Theoretical paper, TU Delft, Vladimir Ondejcik, sup. H.Bier, 2012
" Download full version with illustrations at bottom of the page "


networks, flow, smart structures, form-finding, historical development


The paper provides research into basic principles of network theory (Wadhawan 2007) and discusses applications of networks in order to create a smart architectural object, an object that has ability respond to certain changes. The network logic was introduced to architecture in 17th century debates, where a horizontal understanding (network logic) emerged in form of charts, graphs. Even today we understand networks horizontally, despite few approaches to challenge that.

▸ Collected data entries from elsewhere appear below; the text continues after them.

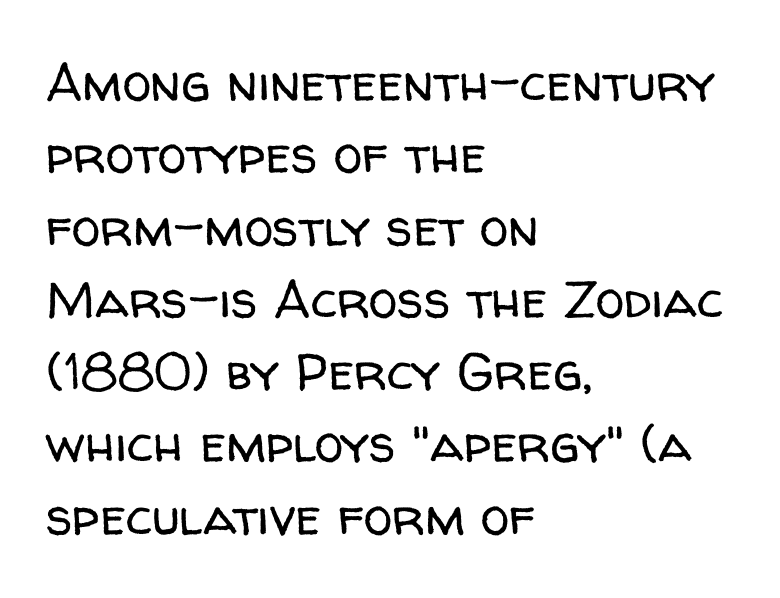
Q: Is the text bold? A: No.
Q: Is the text italic (slanted)? A: No, it is upright.
Q: Is the typeface a serif or a sans-serif typeface? A: Sans-serif.
Q: Is the text underlined? A: No.
Q: How is the paragraph aligned? A: Left-aligned.
Q: Is the spacing between letters normal or unusually wide? A: Normal.
Q: Is the spacing between lines tight, normal or loose? A: Normal.
Q: Width (condensed, normal, or wide)? A: Normal.
Q: Stroke contrast? A: Low.
Q: x-height? A: Medium.
Q: Monospaced? A: No.
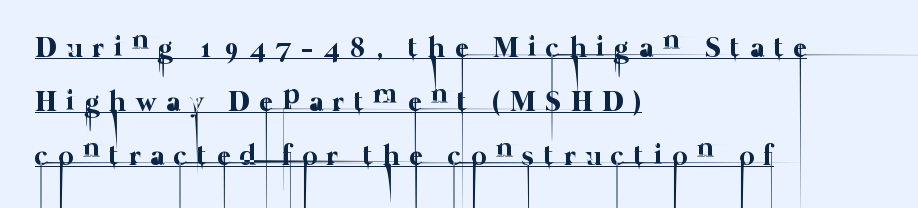
{"bold": "no", "weight": "thin", "width": "normal", "stroke_contrast": "low", "x_height": "medium", "monospaced": "no", "underline": "yes", "align": "left", "line_spacing_ratio": 1.86, "letter_spacing": "wide", "letter_spacing_em": 0.34, "glyph_px": 29}
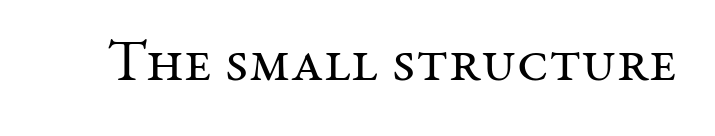
Think standard paragraph weight, or any step lighter than that. Each row of text sits above clean, open space. Nothing unusual about the tracking: characters are spaced as the font intends. If you drew a line through each stem, it would be perfectly vertical. Character widths vary here, with narrow letters taking less room than wide ones.

In the 20th century the horizontality of networks was achieving its first peak and it created first truly networked architecture. The Romao catalogue (Le Corbusier) had direct influence on organization and form of buildings. (Wigley 2010) With the increase of electronic devices and establishment of World Wide Web, the networks had entered every aspect of our lives. We live within the network without knowing it and the only way of noticing this is the failure of the system by going offline offline. This act of getting objects and people on and off the network is the main focus of this paper. Today research in biological networks is well ahead and some interaction rules and behaviors are known. There is a common behavior in inter and intra cellular networks which can be applied also in architectural research. These behaviors are called network motifs (NMs) and the most common are negative auto regulation (feedback), fast forward loop and single input module and together with the hallmarks of biological design (robustness, modularity) will be main tools. (Wadhawan 2007) Next to the application of networks to form finding, the paper outlines the possibilities of materializing network behavior either with soft mater, nonmaterial or ferriotic materials. Along the process the formal representation of building form and the functioning of building components will be questioned.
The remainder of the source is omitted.